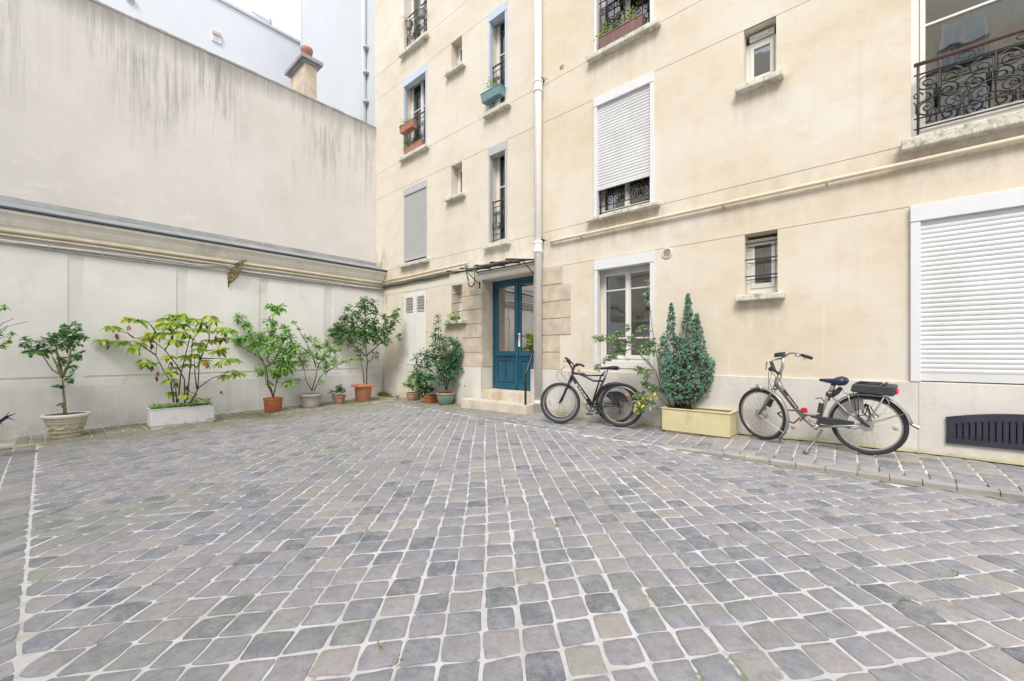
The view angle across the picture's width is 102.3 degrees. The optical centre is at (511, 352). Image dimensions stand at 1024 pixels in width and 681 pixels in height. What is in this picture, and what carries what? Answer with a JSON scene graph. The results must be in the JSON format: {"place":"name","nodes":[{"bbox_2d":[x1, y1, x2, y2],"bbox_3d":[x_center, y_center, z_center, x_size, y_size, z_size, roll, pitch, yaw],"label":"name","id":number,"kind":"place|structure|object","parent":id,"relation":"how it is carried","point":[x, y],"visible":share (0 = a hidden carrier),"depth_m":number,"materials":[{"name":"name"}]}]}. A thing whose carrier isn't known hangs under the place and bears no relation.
{"place":"outdoors","nodes":[
{"label":"outdoors","id":0,"kind":"place"},
{"bbox_2d":[0,444,36,680],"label":"drain channel paving","id":1,"kind":"structure","parent":0,"point":[15,501],"depth_m":2.64,"materials":[{"name":"stone"}]},
{"bbox_2d":[2,450,37,455],"bbox_3d":[-6.243,1.267,5.234,0.300,0.008,0.300,0,0,41],"label":"drain cover","id":2,"kind":"object","parent":1,"relation":"on","point":[19,452],"visible":1,"depth_m":5.24,"materials":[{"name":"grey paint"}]},
{"bbox_2d":[98,0,299,87],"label":"white building","id":3,"kind":"structure","parent":0,"point":[225,29],"depth_m":15.29,"materials":[{"name":"paint"}]},
{"bbox_2d":[212,29,220,43],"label":"window","id":4,"kind":"structure","parent":3,"relation":"in","point":[216,36],"depth_m":15.03,"materials":[{"name":"white paint"}]},
{"bbox_2d":[251,10,273,24],"bbox_3d":[-9.991,-13.239,16.460,0.520,0.590,0.721,0,0,41],"label":"tv antenna","id":5,"kind":"object","parent":3,"relation":"on","point":[268,20],"visible":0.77,"depth_m":16.48,"materials":[{"name":"grey metal"}]},
{"bbox_2d":[226,0,299,39],"label":"sky","id":6,"kind":"structure","parent":0,"point":[285,14],"materials":[{"name":"white"}]},
{"bbox_2d":[284,45,322,99],"bbox_3d":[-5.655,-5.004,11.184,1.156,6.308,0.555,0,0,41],"label":"chimney","id":7,"kind":"object","parent":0,"point":[303,69],"visible":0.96,"depth_m":10.91,"materials":[{"name":"stone"}]},
{"bbox_2d":[300,0,374,125],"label":"neighbour building","id":8,"kind":"structure","parent":0,"point":[337,37],"depth_m":13.42,"materials":[{"name":"white paint"}]},
{"bbox_2d":[0,396,1023,680],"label":"ground","id":9,"kind":"structure","parent":0,"point":[20,662],"depth_m":2.08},
{"bbox_2d":[0,413,15,426],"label":"dark leaved plant","id":10,"kind":"object","parent":9,"relation":"on","point":[7,416],"visible":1,"depth_m":5.42,"materials":[{"name":"plant"}]},
{"bbox_2d":[0,304,27,349],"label":"potted shrub","id":11,"kind":"object","parent":9,"relation":"on","point":[2,346],"visible":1,"depth_m":5.78,"materials":[{"name":"green plant"}]},
{"bbox_2d":[0,0,386,438],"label":"boundary wall","id":12,"kind":"structure","parent":9,"relation":"on","point":[149,172],"depth_m":7.88,"materials":[{"name":"paint"}]},
{"bbox_2d":[227,259,246,287],"bbox_3d":[-5.713,-1.655,8.570,0.351,0.611,0.030,0,0,-16],"label":"wall bracket","id":13,"kind":"object","parent":12,"relation":"attached to","point":[229,277],"depth_m":8.56,"materials":[{"name":"metal"}]},
{"bbox_2d":[391,388,398,398],"bbox_3d":[-2.913,0.970,10.282,0.179,0.360,0.179,0,0,41],"label":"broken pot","id":14,"kind":"object","parent":9,"relation":"on","point":[395,396],"visible":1,"depth_m":10.23,"materials":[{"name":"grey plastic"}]},
{"bbox_2d":[14,396,1023,491],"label":"paving border","id":15,"kind":"object","parent":9,"relation":"attached to","point":[963,472],"visible":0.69,"depth_m":4.88,"materials":[{"name":"stone"}]},
{"bbox_2d":[17,321,90,438],"bbox_3d":[-7.000,0.396,6.361,1.043,1.780,0.537,0,0,16],"label":"potted tree","id":16,"kind":"object","parent":15,"relation":"on","point":[64,424],"visible":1,"depth_m":6.28,"materials":[{"name":"green plant"}]},
{"bbox_2d":[90,313,247,428],"bbox_3d":[-5.894,0.277,7.218,2.612,1.975,0.928,0,0,-2],"label":"planter shrub","id":17,"kind":"object","parent":15,"relation":"on","point":[159,416],"visible":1,"depth_m":7.09,"materials":[{"name":"green plant"}]},
{"bbox_2d":[231,303,302,411],"bbox_3d":[-5.126,0.079,8.677,1.446,2.281,0.619,0,0,7],"label":"potted shrub","id":18,"kind":"object","parent":15,"relation":"on","point":[272,404],"visible":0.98,"depth_m":8.60,"materials":[{"name":"green plant"}]},
{"bbox_2d":[291,321,355,407],"bbox_3d":[-4.209,0.237,9.207,1.465,1.930,0.523,0,0,-5],"label":"potted shrub","id":19,"kind":"object","parent":15,"relation":"on","point":[310,400],"visible":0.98,"depth_m":9.13,"materials":[{"name":"green plant"}]},
{"bbox_2d":[328,384,345,403],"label":"potted seedling","id":20,"kind":"object","parent":15,"relation":"on","point":[338,399],"visible":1,"depth_m":9.61,"materials":[{"name":"ceramic"}]},
{"bbox_2d":[326,295,402,401],"bbox_3d":[-3.616,-0.128,10.099,1.878,2.600,0.667,0,0,-4],"label":"potted tree","id":21,"kind":"object","parent":15,"relation":"on","point":[362,392],"visible":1,"depth_m":10.11,"materials":[{"name":"green plant"}]},
{"bbox_2d":[401,374,418,400],"bbox_3d":[-2.418,0.795,9.935,0.500,0.697,0.349,0,0,-18],"label":"potted plant","id":22,"kind":"object","parent":15,"relation":"on","point":[412,396],"visible":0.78,"depth_m":9.88,"materials":[{"name":"green plant"}]},
{"bbox_2d":[413,372,437,403],"bbox_3d":[-1.951,0.782,9.429,0.584,0.714,0.357,0,0,9],"label":"potted plant","id":23,"kind":"object","parent":15,"relation":"on","point":[431,398],"visible":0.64,"depth_m":9.40,"materials":[{"name":"green plant"}]},
{"bbox_2d":[409,313,464,404],"bbox_3d":[-1.627,0.127,9.136,1.228,2.015,0.619,0,0,16],"label":"potted shrub","id":24,"kind":"object","parent":15,"relation":"on","point":[445,398],"visible":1,"depth_m":9.07,"materials":[{"name":"green plant"}]},
{"bbox_2d":[99,391,965,665],"bbox_3d":[-1.491,1.164,5.480,10.643,0.299,5.982,0,0,41],"label":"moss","id":25,"kind":"object","parent":15,"relation":"on","point":[383,394],"visible":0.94,"depth_m":2.13,"materials":[{"name":"green plant"}]},
{"bbox_2d":[540,357,642,426],"bbox_3d":[1.192,0.591,6.365,1.534,1.055,0.515,0,0,41],"label":"bicycle","id":26,"kind":"object","parent":15,"relation":"on","point":[601,405],"visible":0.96,"depth_m":6.34,"materials":[{"name":"grey metal"}]},
{"bbox_2d":[656,293,737,437],"bbox_3d":[2.483,0.134,5.608,0.965,1.953,0.525,0,0,41],"label":"planter conifer","id":27,"kind":"object","parent":15,"relation":"on","point":[681,415],"visible":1,"depth_m":5.67,"materials":[{"name":"green plant"}]},
{"bbox_2d":[591,279,671,414],"bbox_3d":[1.689,-0.081,5.843,1.162,1.930,0.309,0,0,2],"label":"rose bush","id":28,"kind":"object","parent":27,"relation":"in","point":[649,387],"visible":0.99,"depth_m":5.84,"materials":[{"name":"green plant"}]},
{"bbox_2d":[739,352,920,454],"bbox_3d":[3.290,0.529,4.530,0.426,1.087,1.691,0,0,-38],"label":"electric bicycle","id":29,"kind":"object","parent":15,"relation":"on","point":[841,412],"visible":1,"depth_m":4.40,"materials":[{"name":"grey metal"}]},
{"bbox_2d":[777,408,807,423],"bbox_3d":[3.216,0.713,4.736,0.065,0.203,0.313,0,0,-39],"label":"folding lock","id":30,"kind":"object","parent":29,"relation":"hanging from","point":[803,410],"visible":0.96,"depth_m":4.68,"materials":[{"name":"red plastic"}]},
{"bbox_2d":[737,432,1023,464],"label":"dirt fillet","id":31,"kind":"object","parent":15,"relation":"on","point":[952,455],"visible":0.76,"depth_m":4.32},
{"bbox_2d":[375,0,1023,465],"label":"apartment building","id":32,"kind":"structure","parent":9,"relation":"on","point":[833,188],"depth_m":5.62,"materials":[{"name":"beige paint"}]},
{"bbox_2d":[398,16,412,35],"bbox_3d":[-2.643,-8.143,10.279,0.377,0.519,0.210,0,0,30],"label":"hanging pot","id":33,"kind":"object","parent":32,"relation":"hanging from","point":[408,22],"visible":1,"depth_m":10.20,"materials":[{"name":"grey ceramic"}]},
{"bbox_2d":[399,116,417,135],"bbox_3d":[-2.602,-5.706,10.291,0.612,0.357,0.249,0,0,41],"label":"flower box","id":34,"kind":"object","parent":32,"relation":"attached to","point":[407,127],"visible":1,"depth_m":10.20,"materials":[{"name":"ceramic"}]},
{"bbox_2d":[403,138,424,154],"bbox_3d":[-2.466,-5.216,10.276,0.847,0.421,0.193,0,0,41],"label":"flower box","id":35,"kind":"object","parent":32,"relation":"on","point":[414,145],"visible":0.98,"depth_m":10.20,"materials":[{"name":"ceramic"}]},
{"bbox_2d":[398,63,429,162],"bbox_3d":[-2.341,-5.956,10.349,1.160,2.083,0.430,0,0,41],"label":"window","id":36,"kind":"structure","parent":32,"relation":"in","point":[416,81],"depth_m":10.42,"materials":[{"name":"white paint"}]},
{"bbox_2d":[398,0,429,58],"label":"window","id":37,"kind":"structure","parent":32,"relation":"in","point":[419,33],"depth_m":10.40,"materials":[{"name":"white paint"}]},
{"bbox_2d":[418,6,425,19],"bbox_3d":[-2.163,-8.147,9.892,0.190,0.190,0.187,0,0,41],"label":"hanging pot","id":38,"kind":"object","parent":32,"relation":"hanging from","point":[422,10],"visible":1,"depth_m":9.83,"materials":[{"name":"grey ceramic"}]},
{"bbox_2d":[446,310,459,322],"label":"ledge plant","id":39,"kind":"object","parent":32,"relation":"on","point":[455,318],"visible":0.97,"depth_m":9.14,"materials":[{"name":"green plant"}]},
{"bbox_2d":[442,287,466,324],"bbox_3d":[-1.177,-1.090,9.307,0.705,0.880,0.445,0,0,41],"label":"window","id":40,"kind":"structure","parent":32,"relation":"in","point":[461,321],"depth_m":9.36,"materials":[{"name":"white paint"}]},
{"bbox_2d":[444,168,465,202],"bbox_3d":[-1.189,-3.840,9.304,0.630,0.800,0.385,0,0,41],"label":"window","id":41,"kind":"structure","parent":32,"relation":"in","point":[460,194],"depth_m":9.35,"materials":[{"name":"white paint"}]},
{"bbox_2d":[444,45,465,78],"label":"window","id":42,"kind":"structure","parent":32,"relation":"in","point":[460,65],"depth_m":9.26,"materials":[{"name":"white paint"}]},
{"bbox_2d":[480,78,505,105],"bbox_3d":[-0.408,-5.318,8.316,0.586,0.423,0.238,0,0,41],"label":"flower box","id":43,"kind":"object","parent":32,"relation":"attached to","point":[493,94],"visible":1,"depth_m":8.25,"materials":[{"name":"teal plastic"}]},
{"bbox_2d":[482,1,510,119],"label":"window","id":44,"kind":"structure","parent":32,"relation":"in","point":[498,17],"depth_m":8.51,"materials":[{"name":"white paint"}]},
{"bbox_2d":[482,140,511,249],"bbox_3d":[-0.225,-3.194,8.454,0.720,2.088,0.385,0,0,41],"label":"window","id":45,"kind":"structure","parent":32,"relation":"in","point":[499,151],"depth_m":8.53,"materials":[{"name":"white paint"}]},
{"bbox_2d":[492,276,533,389],"bbox_3d":[0.107,-0.391,8.495,1.395,2.298,0.135,0,0,41],"label":"door","id":46,"kind":"structure","parent":32,"relation":"in","point":[513,299],"depth_m":8.60,"materials":[{"name":"teal paint"}]},
{"bbox_2d":[524,351,533,404],"bbox_3d":[0.343,0.526,7.611,0.342,1.154,0.070,0,0,-45],"label":"handrail","id":47,"kind":"object","parent":32,"relation":"attached to","point":[525,383],"visible":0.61,"depth_m":7.51,"materials":[{"name":"black metal"}]},
{"bbox_2d":[594,2,645,47],"bbox_3d":[1.711,-5.213,6.594,0.851,0.456,0.191,0,0,41],"label":"flower box","id":48,"kind":"object","parent":32,"relation":"on","point":[624,29],"visible":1,"depth_m":6.50,"materials":[{"name":"brown plastic"}]},
{"bbox_2d":[586,71,660,222],"bbox_3d":[1.808,-3.228,6.625,1.230,2.056,0.330,0,0,41],"label":"window","id":49,"kind":"structure","parent":32,"relation":"in","point":[623,115],"depth_m":6.57,"materials":[{"name":"white paint"}]},
{"bbox_2d":[586,0,660,63],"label":"window","id":50,"kind":"structure","parent":32,"relation":"in","point":[608,8],"depth_m":6.68,"materials":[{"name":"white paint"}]},
{"bbox_2d":[594,251,653,369],"bbox_3d":[1.846,-0.649,6.660,1.016,1.798,0.297,0,0,41],"label":"window","id":51,"kind":"structure","parent":32,"relation":"in","point":[622,290],"depth_m":6.72,"materials":[{"name":"white paint"}]},
{"bbox_2d":[735,26,783,95],"bbox_3d":[3.237,-3.828,5.369,0.535,0.795,0.335,0,0,41],"label":"window","id":52,"kind":"structure","parent":32,"relation":"in","point":[761,71],"depth_m":5.43,"materials":[{"name":"white paint"}]},
{"bbox_2d":[736,236,785,301],"bbox_3d":[3.254,-1.098,5.369,0.540,0.836,0.359,0,0,41],"label":"window","id":53,"kind":"structure","parent":32,"relation":"in","point":[762,253],"depth_m":5.42,"materials":[{"name":"white paint"}]},
{"bbox_2d":[901,0,1023,153],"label":"window","id":54,"kind":"structure","parent":32,"relation":"in","point":[967,56],"depth_m":4.22,"materials":[{"name":"white paint"}]},
{"bbox_2d":[665,445,1023,501],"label":"kerb","id":55,"kind":"structure","parent":9,"relation":"on","point":[990,491],"depth_m":3.75,"materials":[{"name":"stone"}]},
{"bbox_2d":[20,402,1023,680],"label":"cobble paving","id":56,"kind":"structure","parent":0,"point":[750,660],"depth_m":2.31,"materials":[{"name":"stone"}]},
{"bbox_2d":[678,449,1023,500],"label":"kerb dirt","id":57,"kind":"structure","parent":56,"relation":"on","point":[862,477],"depth_m":3.74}
]}

::::::::::

Whenever "nodes" occurs in a line of the entries, copy that line.

The view angle across the picture's width is 102.3 degrees. The optical centre is at (511, 352). Image dimensions stand at 1024 pixels in width and 681 pixels in height. What is in this picture, and what carries what? Answer with a JSON scene graph. The results must be in the JSON format: {"place":"name","nodes":[{"bbox_2d":[x1, y1, x2, y2],"bbox_3d":[x_center, y_center, z_center, x_size, y_size, z_size, roll, pitch, yaw],"label":"name","id":number,"kind":"place|structure|object","parent":id,"relation":"how it is carried","point":[x, y],"visible":share (0 = a hidden carrier),"depth_m":number,"materials":[{"name":"name"}]}]}. A thing whose carrier isn't known hangs under the place and bears no relation.
{"place":"outdoors","nodes":[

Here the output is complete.